OK. I'm lost.  14. So can you think of a good reason as to why it would be 0? And, yeah, it is just convenient for this one problem, but it shows you that sometimes it's better (or necessary) to step outside the box.

For the next one, are you letting x' mean dx? If so, this is neither notationally nor mathematically correct: x' means dx/dx, a derivative; dx is a "differential", which can be thought of as an infinitesimally small change in x. In the context of an integral, I like to say the presence of the dx reminds you that you're integrating with respect to x. The absence of a differential means that you're not stating what you're integrating with respect to, and this makes the integral meaningless.

Now when you're doing this substitution, you should write down the u and du first and then figure out which pieces of the integral can be replaced by u or du. And you have to get rid of all instances of x for the substitution to work, as x depends on u. So we have:

u = x<sup>1/2</sup>

du = (du/dx)dx

What is du/dx? (I think you miscalculated this.)  15. I knew a question like this would come up because I don't fully understand Leibniz notation yet. On page 169 in Chapter 2 the book gives examples of how you may write y', but it also implies that the expaination that the book gives here of Leibniz notation is not complete.

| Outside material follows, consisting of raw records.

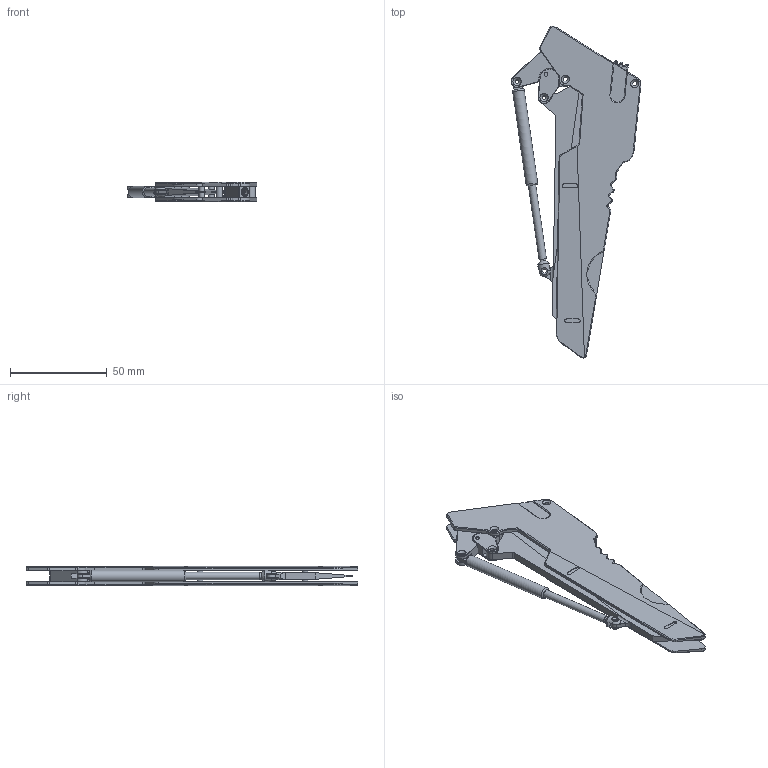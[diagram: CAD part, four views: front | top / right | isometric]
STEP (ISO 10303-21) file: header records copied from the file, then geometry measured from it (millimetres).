
FILE_DESCRIPTION(/* description */ ('STEP AP242','CAx-IF Rec.Pracs.---Representation and Presentation of Product Manufacturing Information (PMI)---4.0---2014-10-13','CAx-IF Rec.Pracs.---3D Tessellated Geometry---0.4---2014-09-14','2;1','CAx-IF Rec.Pracs.---User Defined Attributes---1.5---2016-08-15'),/* implementation_level */ '2;1');
FILE_NAME(/* name */ '6910e59d0efffa84bf0887f8',/* time_stamp */ '2025-11-09T19:03:57Z',/* author */ (''),/* organization */ (''),/* preprocessor_version */ 'ST-DEVELOPER v20',/* originating_system */ 'ONSHAPE BY PTC INC, 1.206',/* authorisation */ ' ');
FILE_SCHEMA (('AP242_MANAGED_MODEL_BASED_3D_ENGINEERING_MIM_LF { 1 0 10303 442 1 1 4 }'));
Length unit declared in the file: millimetre
Products named in the file (13): LatchPin; HandlePlateFront; TopAlignmentPin; BottomAlignmentPin; TopSpacer; HandlePlateBack; Hinge; HingeStopperPin; Blade; PistonShaft; PistonCase; BloodPort; Latch
Bounding box: 67.12 x 171.47 x 10 mm (x, y, z)
Volume: 29472.6 mm3; surface area: 31443.6 mm2
Topology: 13 solids, 13 shells, 424 faces, 1006 edges, 628 vertices
Faces by surface type: plane 222, cylinder 124, cone 60, bspline 11, torus 5, sphere 2
Full cylindrical faces by diameter (mm): 1.8 x2, 2 x7, 2.2 x1, 2.25 x6, 2.6 x1, 3 x8, 3.2 x4, 3.4 x7, 3.8 x2, 4.4 x1, 4.6 x1, 4.65 x1, 6 x2
Entity records: 13255 total; most frequent: CARTESIAN_POINT 3069, DIRECTION 2058, ORIENTED_EDGE 1892, EDGE_CURVE 946, AXIS2_PLACEMENT_3D 751, VERTEX_POINT 621, LINE 556, VECTOR 556
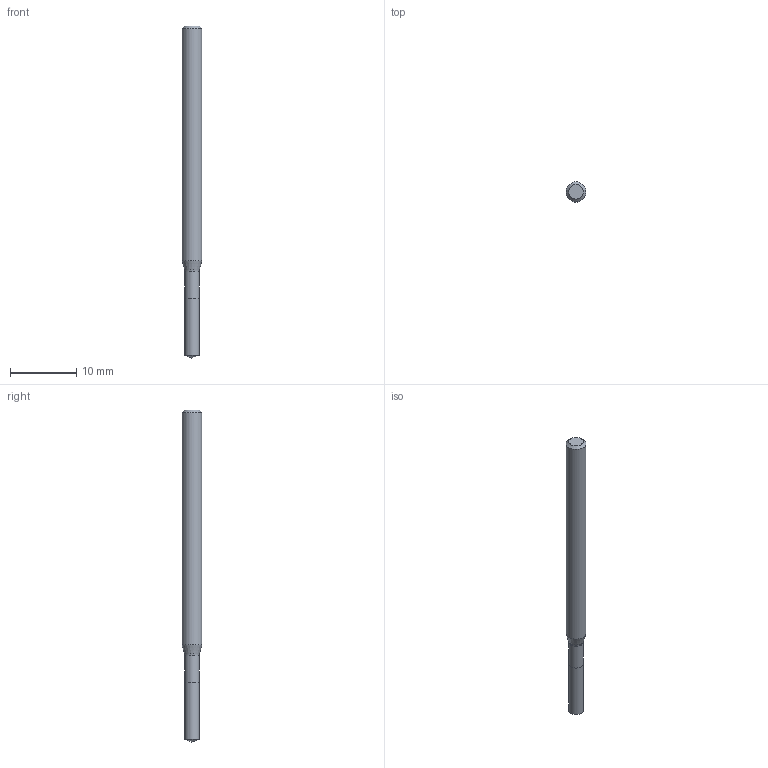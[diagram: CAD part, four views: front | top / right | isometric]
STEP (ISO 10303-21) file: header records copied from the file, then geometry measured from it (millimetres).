
FILE_DESCRIPTION (( 'STEP AP203' ), '1' );
FILE_NAME ('43302.step', '2021-10-13T11:35:47', ( '' ), ( '' ), 'SwSTEP 2.0', 'SolidWorks 2019', '' );
FILE_SCHEMA (( 'CONFIG_CONTROL_DESIGN' ));
Length unit declared in the file: millimetre
Products named in the file (1): 43302
Bounding box: 3 x 3 x 50 mm (x, y, z)
Volume: 306.3 mm3; surface area: 450.3 mm2
Topology: 2 solids, 2 shells, 10 faces, 18 edges, 11 vertices
Faces by surface type: cylinder 3, cone 3, plane 3, torus 1
Full cylindrical faces by diameter (mm): 2.2 x2, 3 x1
Entity records: 259 total; most frequent: DIRECTION 38, CARTESIAN_POINT 27, AXIS2_PLACEMENT_3D 19, ORIENTED_EDGE 16, EDGE_LOOP 16, FACE_OUTER_BOUND 14, ADVANCED_FACE 10, VERTEX_POINT 8

I have a question to understand y' in relation to the notation dy/dx then. I understand that y' is a rate of change. If y' is a rate of change then it would probably have to be in terms of one unit per another unit. So lets say that y' represents 50 miles per hour. Could then dy be units of miles and dx be units of hours? If not, how would dx/dy be related to something like 50 miles per hour?  16. In the context of this book, y' and dy/dx mean the same thing. However, the notation y' assumes that we have an independent variable which is clear from context; this is usually x or, if we're dealing with time, t. The notation dy/dx clears up this ambiguity. You should read dy/dx as "the derivative of y with respect to x".

Both of these things are very different from differentials, which the things that look like dx, dy, du, etc. In the context of this book, there are a few interpretations of these symbols which you should use:

1. dx represents an infinitesimal change in x; or
2. dx reminds us that we're integrating with respect to x in an integral.

The expression dy/dx should not be thought of as "the differential dy divided by the differential dx", even though a lot of facts which jibe with this interpretation are true. For example, when I make a substitution u = f(x), I have to figure out how the differential du relates to dx. It turns out that:

du = (du/dx)dx

This should be read as "an infinitesimal change in u is equal to an infinitesimal change in x times the derivative of u with respect to x". Even though du and dx are both infinitesimal changes, du is bigger (or smaller) than dx by a factor of du/dx.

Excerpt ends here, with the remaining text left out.